### Task description
Without including any pictures, write out all the records word for word.

### Given records
===============

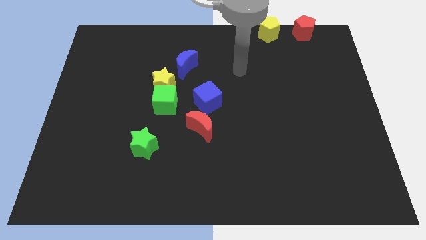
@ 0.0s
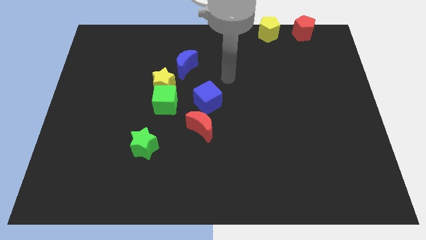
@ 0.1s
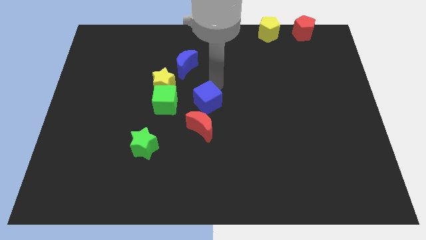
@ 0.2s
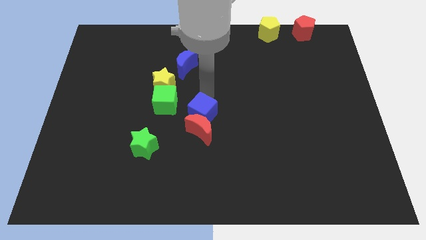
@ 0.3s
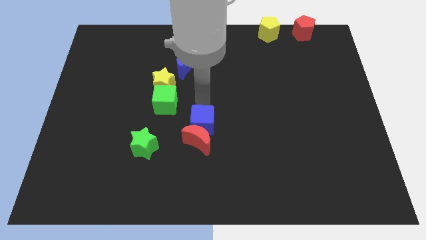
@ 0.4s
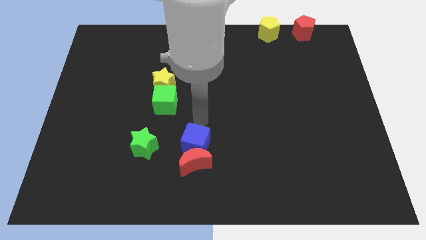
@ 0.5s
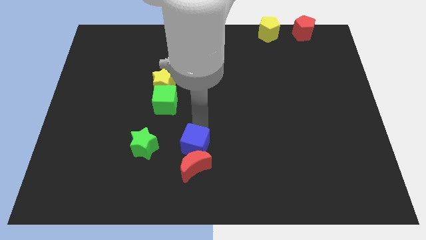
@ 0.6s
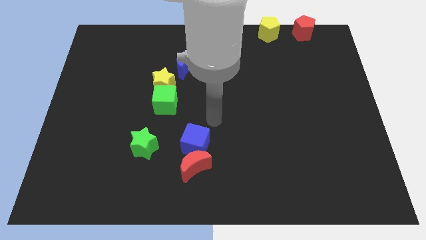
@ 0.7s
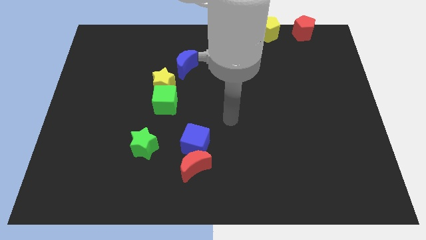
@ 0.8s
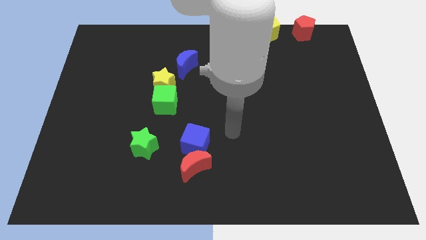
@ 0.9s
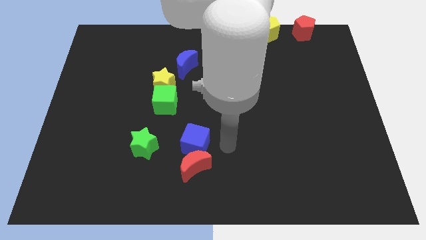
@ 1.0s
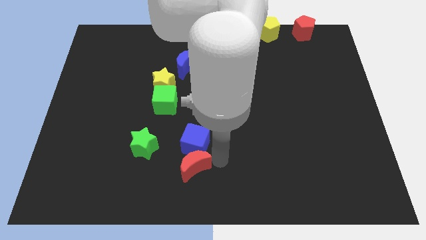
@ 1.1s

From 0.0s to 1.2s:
push the blue cube and red crescent to the right side of the green star

===============

### Output of the task
@ 0.0s
@ 0.1s
@ 0.2s
@ 0.3s
@ 0.4s
@ 0.5s
@ 0.6s
@ 0.7s
@ 0.8s
@ 0.9s
@ 1.0s
@ 1.1s

From 0.0s to 1.2s:
push the blue cube and red crescent to the right side of the green star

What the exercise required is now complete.